• [EXERCISE DIRECTIONS]
The answer must consist only of the lines in the records below from the line with "MEIA HORA NO" to the line with "New Reolink Zoom", both included, copied word for word with every picture left out.

• [Stored items from a collection]
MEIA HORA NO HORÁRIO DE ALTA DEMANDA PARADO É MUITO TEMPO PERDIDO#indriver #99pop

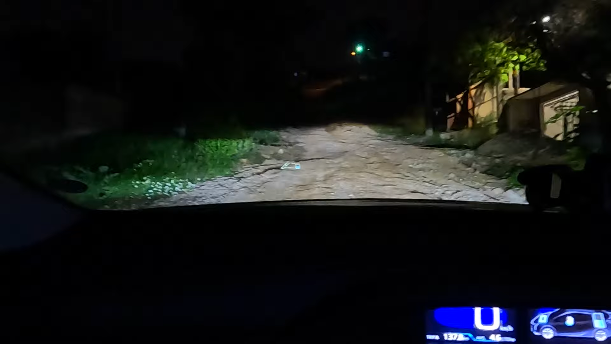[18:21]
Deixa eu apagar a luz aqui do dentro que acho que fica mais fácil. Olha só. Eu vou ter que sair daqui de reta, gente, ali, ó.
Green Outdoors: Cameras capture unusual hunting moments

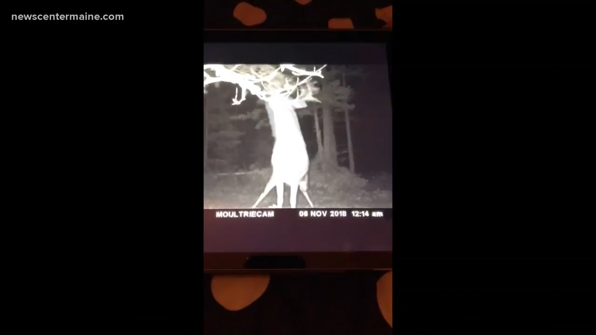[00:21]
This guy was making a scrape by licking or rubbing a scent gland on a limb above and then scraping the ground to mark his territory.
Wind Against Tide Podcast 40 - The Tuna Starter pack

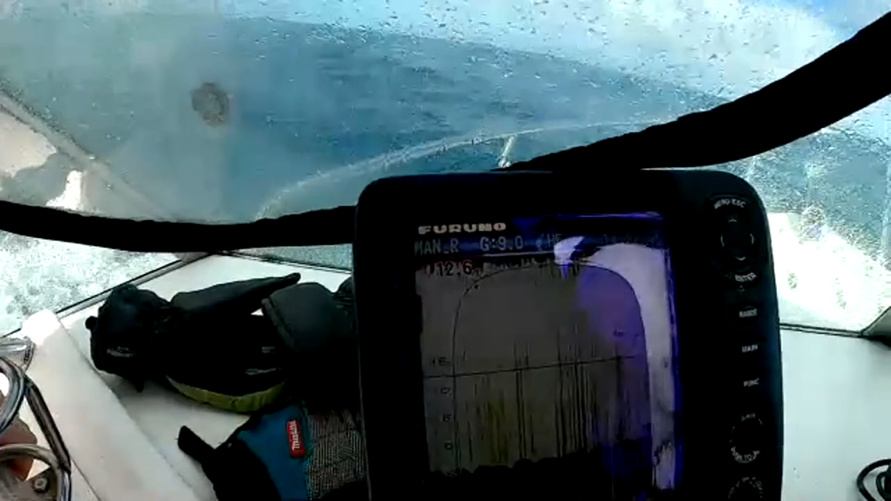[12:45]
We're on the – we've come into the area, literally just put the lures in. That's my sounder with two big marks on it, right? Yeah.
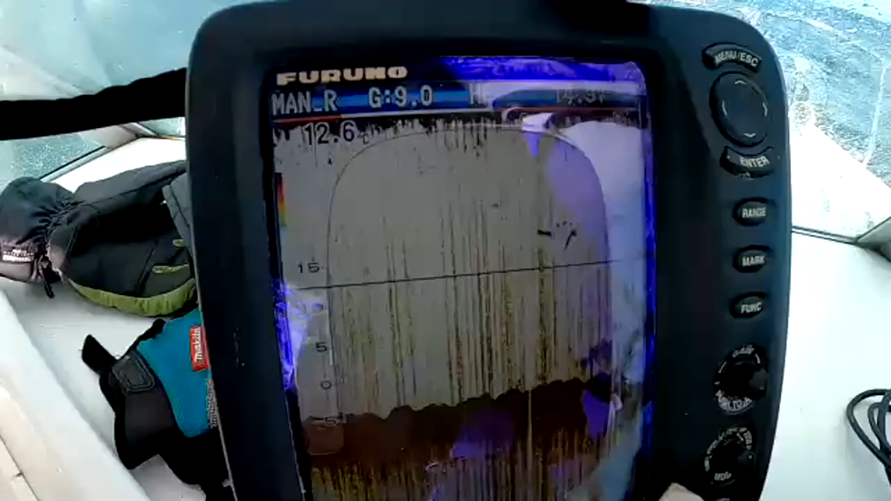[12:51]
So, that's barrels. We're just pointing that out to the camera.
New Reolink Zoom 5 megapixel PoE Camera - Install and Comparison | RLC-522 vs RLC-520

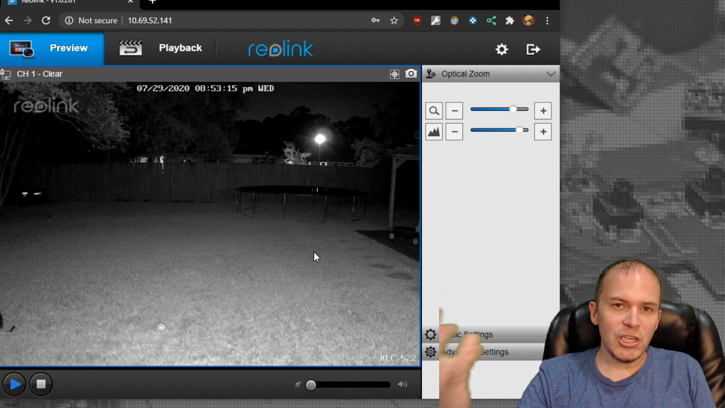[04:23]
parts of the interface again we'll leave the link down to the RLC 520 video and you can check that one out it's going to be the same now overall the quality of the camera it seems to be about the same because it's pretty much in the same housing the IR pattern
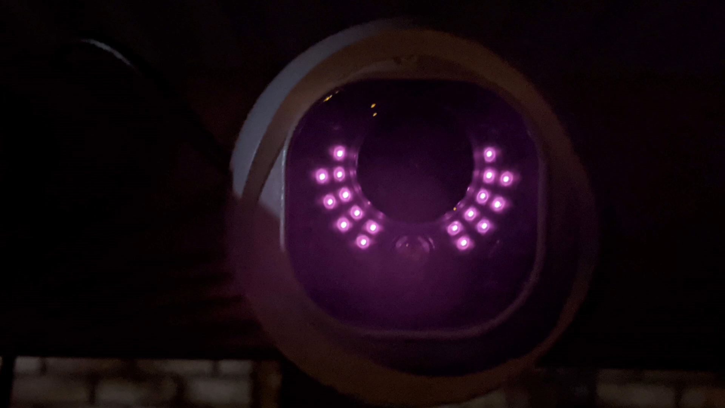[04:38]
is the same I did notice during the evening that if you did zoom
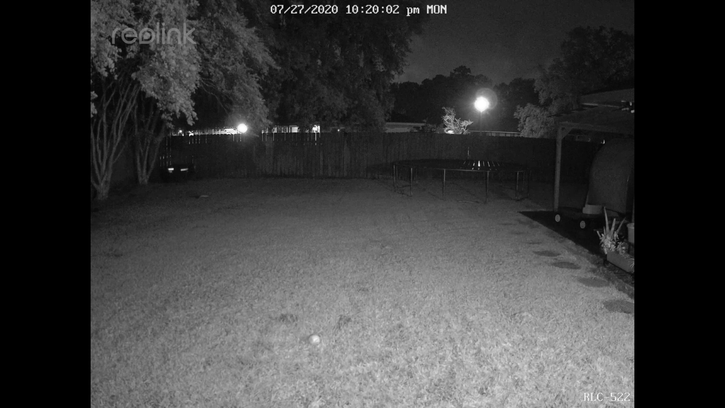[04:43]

---

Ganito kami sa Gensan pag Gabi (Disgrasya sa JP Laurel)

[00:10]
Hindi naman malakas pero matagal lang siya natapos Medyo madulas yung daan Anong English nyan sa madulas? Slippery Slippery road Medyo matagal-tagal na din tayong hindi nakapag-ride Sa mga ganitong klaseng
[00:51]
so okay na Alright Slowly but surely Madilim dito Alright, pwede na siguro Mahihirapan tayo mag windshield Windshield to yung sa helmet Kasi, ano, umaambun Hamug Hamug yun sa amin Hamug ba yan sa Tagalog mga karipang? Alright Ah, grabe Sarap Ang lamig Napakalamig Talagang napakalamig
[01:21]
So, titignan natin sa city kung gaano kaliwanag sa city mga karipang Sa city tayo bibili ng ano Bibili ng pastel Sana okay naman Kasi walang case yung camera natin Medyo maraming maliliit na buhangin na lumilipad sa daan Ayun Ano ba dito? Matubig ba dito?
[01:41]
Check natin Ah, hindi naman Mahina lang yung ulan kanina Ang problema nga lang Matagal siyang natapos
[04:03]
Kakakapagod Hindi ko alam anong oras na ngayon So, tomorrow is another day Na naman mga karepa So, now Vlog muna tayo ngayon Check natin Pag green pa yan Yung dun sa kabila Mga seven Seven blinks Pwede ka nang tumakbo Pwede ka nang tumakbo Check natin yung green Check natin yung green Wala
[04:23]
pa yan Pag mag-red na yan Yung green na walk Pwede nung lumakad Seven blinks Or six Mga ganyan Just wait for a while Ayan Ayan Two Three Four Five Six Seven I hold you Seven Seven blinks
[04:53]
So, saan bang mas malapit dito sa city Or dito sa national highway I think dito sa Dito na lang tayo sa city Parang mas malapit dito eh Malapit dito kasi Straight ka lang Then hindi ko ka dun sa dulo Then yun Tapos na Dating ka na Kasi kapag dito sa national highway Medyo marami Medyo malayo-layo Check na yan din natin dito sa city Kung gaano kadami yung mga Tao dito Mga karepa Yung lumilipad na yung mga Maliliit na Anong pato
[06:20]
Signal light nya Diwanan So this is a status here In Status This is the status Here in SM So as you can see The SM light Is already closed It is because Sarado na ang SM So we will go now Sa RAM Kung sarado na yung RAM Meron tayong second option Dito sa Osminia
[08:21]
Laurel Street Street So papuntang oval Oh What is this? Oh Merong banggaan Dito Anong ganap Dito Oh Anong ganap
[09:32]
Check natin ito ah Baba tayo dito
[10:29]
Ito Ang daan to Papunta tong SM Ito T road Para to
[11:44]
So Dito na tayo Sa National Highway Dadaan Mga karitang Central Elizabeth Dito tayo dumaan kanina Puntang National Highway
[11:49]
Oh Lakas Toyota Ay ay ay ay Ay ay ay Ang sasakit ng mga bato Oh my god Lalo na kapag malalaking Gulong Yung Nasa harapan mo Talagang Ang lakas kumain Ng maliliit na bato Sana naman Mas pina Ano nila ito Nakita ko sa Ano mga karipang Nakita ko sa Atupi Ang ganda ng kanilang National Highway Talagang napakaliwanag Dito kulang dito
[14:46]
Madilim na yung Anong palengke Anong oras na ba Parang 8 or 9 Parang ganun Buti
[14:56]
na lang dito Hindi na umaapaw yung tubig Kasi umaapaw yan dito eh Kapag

• [RESULT OF THIS TASK]
MEIA HORA NO HORÁRIO DE ALTA DEMANDA PARADO É MUITO TEMPO PERDIDO#indriver #99pop

[18:21]
Deixa eu apagar a luz aqui do dentro que acho que fica mais fácil. Olha só. Eu vou ter que sair daqui de reta, gente, ali, ó.
Green Outdoors: Cameras capture unusual hunting moments

[00:21]
This guy was making a scrape by licking or rubbing a scent gland on a limb above and then scraping the ground to mark his territory.
Wind Against Tide Podcast 40 - The Tuna Starter pack

[12:45]
We're on the – we've come into the area, literally just put the lures in. That's my sounder with two big marks on it, right? Yeah.
[12:51]
So, that's barrels. We're just pointing that out to the camera.
New Reolink Zoom 5 megapixel PoE Camera - Install and Comparison | RLC-522 vs RLC-520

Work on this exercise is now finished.